▸ Your instructions:
Report how many lines below include the string "style". Please keep the reply to that number.

▸ Items listed in a dataset:
/---

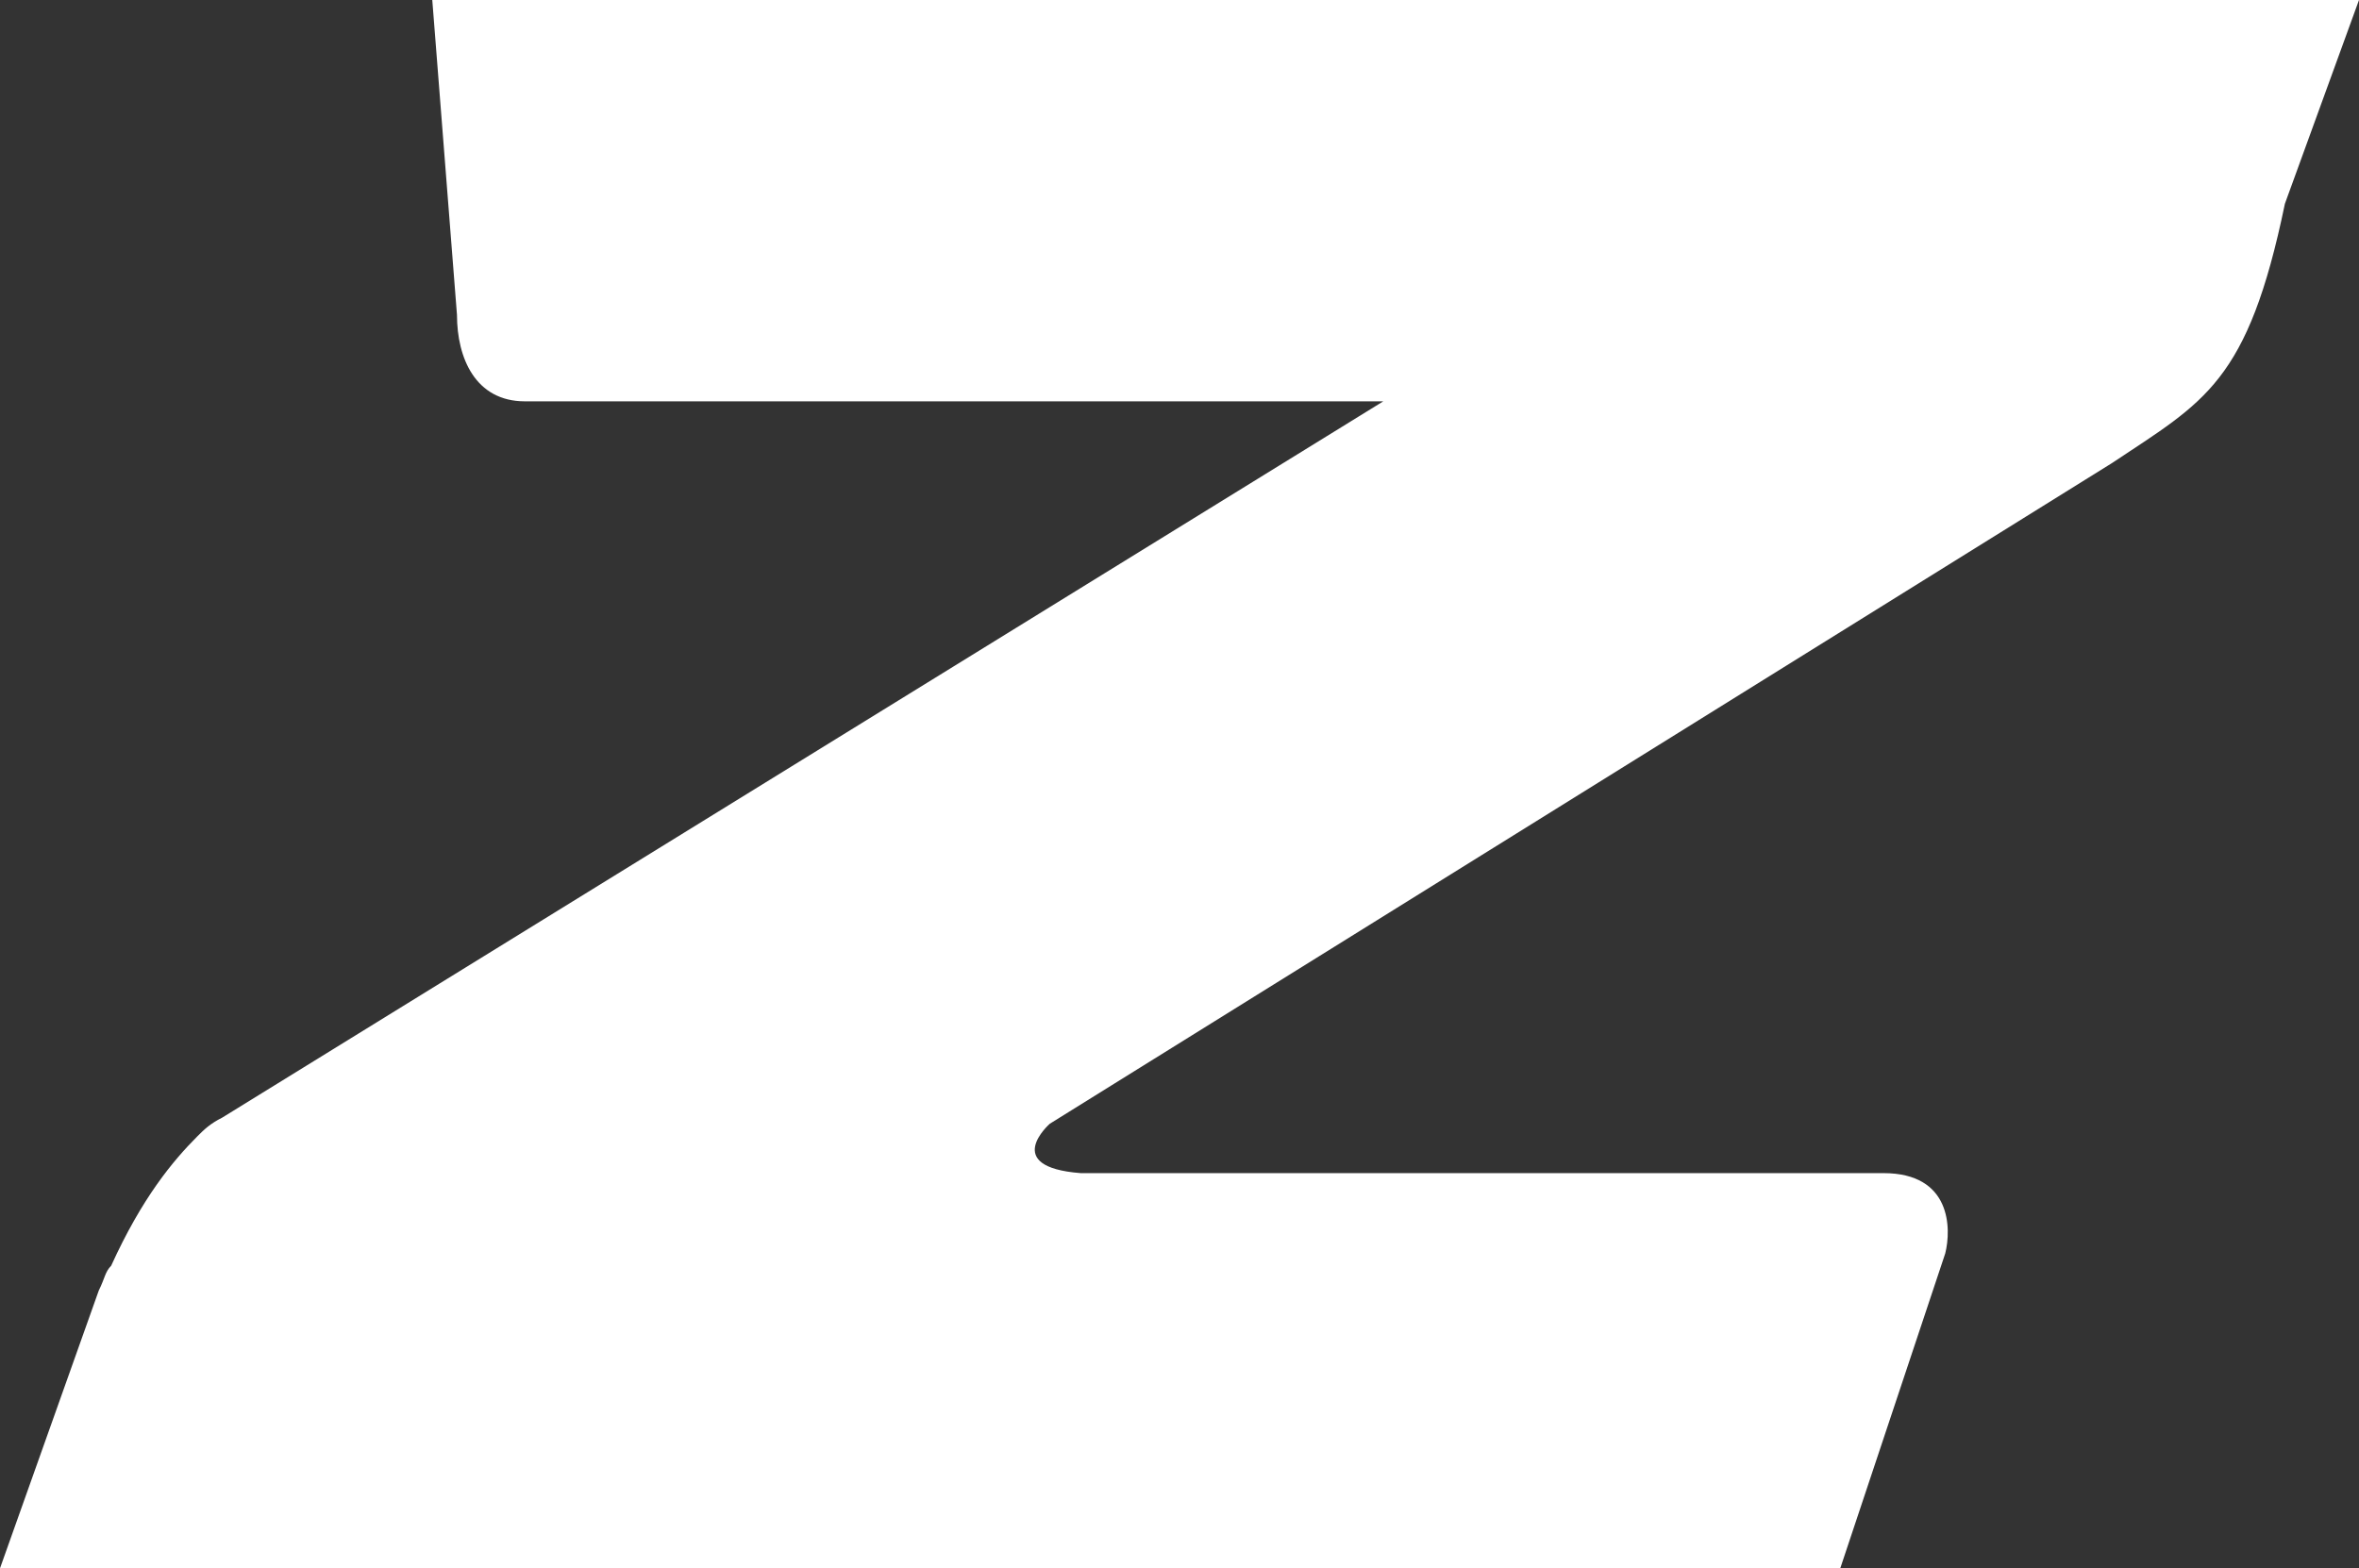 <?xml version="1.0" encoding="utf-8"?>
<!-- Generator: Adobe Illustrator 25.4.8, SVG Export Plug-In . SVG Version: 6.00 Build 0)  -->
<svg version="1.1" id="레이어_1" xmlns="http://www.w3.org/2000/svg" xmlns:xlink="http://www.w3.org/1999/xlink" x="0px"
	 y="0px" viewBox="0 0 38.2 25.4" style="enable-background:new 0 0 38.2 25.4;" xml:space="preserve">
<rect x="0" y="0" width="38.2" height="25.4" fill="#333333" stroke="none"/>
<style type="text/css">
	.st0{fill:#FFFFFF;}
</style>
<path class="st0" d="M30.5,19h-13c-1.3-0.1-0.5-0.8-0.5-0.8h0L34.2,7.5c1.5-1,2.2-1.3,2.8-4.2L38.2,0H7l0.4,5.1
	c0,0.7,0.3,1.4,1.1,1.4h13.9L3.6,18.1c0,0,0,0,0,0l0,0c-0.2,0.1-0.3,0.2-0.4,0.3c-0.4,0.4-0.9,1-1.4,2.1c-0.1,0.1-0.1,0.2-0.2,0.4
	c0,0,0,0,0,0l0,0c0,0,0,0,0,0L0,25.4h29.8l1.7-5.1C31.6,19.9,31.6,19,30.5,19z"/>
</svg>

\---

▸ Response:
3